Мое путешествие в Палестину точно было совершено мною затем, чтобы узнать лично и как бы узреть собственными глазами, как велика черствость моего сердца. Друг, велика эта черствость! Я удостоился провести ночь у гроба Спасителя, я удостоился приобщиться от святых тайн, стоявших на самом гробе вместо алтаря, – и при всем том я не стал лучшим, тогда как все земное должно было во мне сгореть и остаться одно небесное[349].
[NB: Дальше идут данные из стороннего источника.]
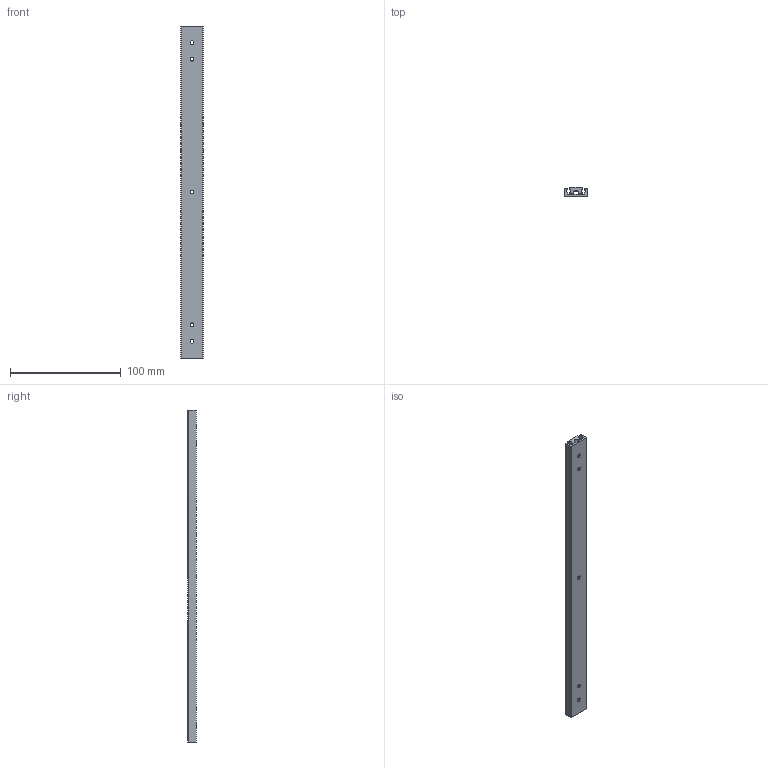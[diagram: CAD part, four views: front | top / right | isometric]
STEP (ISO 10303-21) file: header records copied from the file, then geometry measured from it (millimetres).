
FILE_DESCRIPTION (( 'STEP AP214' ), '1' );
FILE_NAME ('8x20x300mm v2.STEP', '2019-11-16T06:54:16', ( '' ), ( '' ), 'SwSTEP 2.0', 'SolidWorks 2018', '' );
FILE_SCHEMA (( 'AUTOMOTIVE_DESIGN' ));
Length unit declared in the file: millimetre
Products named in the file (1): 8x20x300mm v2
Bounding box: 20 x 8 x 300 mm (x, y, z)
Volume: 31306.4 mm3; surface area: 32248.6 mm2
Topology: 2 solids, 2 shells, 78 faces, 219 edges, 144 vertices
Faces by surface type: cylinder 45, plane 21, cone 12
Entity records: 2950 total; most frequent: CARTESIAN_POINT 794, DIRECTION 451, ORIENTED_EDGE 438, EDGE_CURVE 219, AXIS2_PLACEMENT_3D 171, VERTEX_POINT 144, VECTOR 109, LINE 109

Мы видим, как в месте, откуда должно свершиться «узрение собственными глазами», возникают две разнонаправленные интенции – одна как бы расфокусированным зрением (что маркировано в письме трижды повторенным «кажется») наблюдает стремительный полет литургического действа, другая, напротив, фокусируется на своей неспособности «стать лучше», «сгореть для небесного»; в первом случае – это воспоминание своего радостного ощущения, во втором – тут же возникающее напоминание о своей вине, «черствости сердца». Разумеется, общим итогом будет подчинение первого впечатления последующему суждению, саморазоблачение и самоосуждение, идентификация с тем из отраженного в зеркале, что – с оглядкой на Ревизора – расценивается теперь как собственный образ. Но именно то комическое, от которого Гоголь в итоге отказывается, и являлось спасением (любого, специального) бытия от сведения его к чистой кажимости и итогового осуждения его на роль деятельности, подчиненной императиву эффективности! Вместо этого Гоголь чувствует свою «чуждость небесам», «недостойность», «отверженность», как если бы он недостаточно усердно служил для заработка благодати – иными словами, не стал «эффективным менеджером» в отношении своей жизни как ресурса спасения. Радость от того, что удалось занять удобное для моленья место; литургия, несущаяся так быстро, что молящийся не в силах угнаться за ней; чаша, вынесенная священником из вертепа, – все это вдруг камнем падает на землю и лежит на ней без возможности применить к делу, как инструменты у ног воплощающего меланхолию ангела с гравюры Дюрера. Там, где имел место habitus возможного, на его руинах – учрежден efficium действительного, новый офис – новая должность – бытия. (Еще в своей ранней книге[350] Агамбен рифмовал дюреровского ангела меланхолии с беньяминовским ангелом истории, прообразом которого послужил Angelus Novus Клее, – не назвать ли последнего Ангелом Служащих, в своем безостановочном полете с бессильным ужасом оглядывающимся на то, во что превратилась и продолжает превращаться жизнь тех, кто «каждый день ходит в должность»? Стоит ли говорить, что лик этого ангела с его широко раскрытыми глазами проявляется на спине демона прогресса, то есть того «эффективного менеджера», который узурпировал исключительное право на жест, обязывающий других служить во славу того или иного «предприятия»?).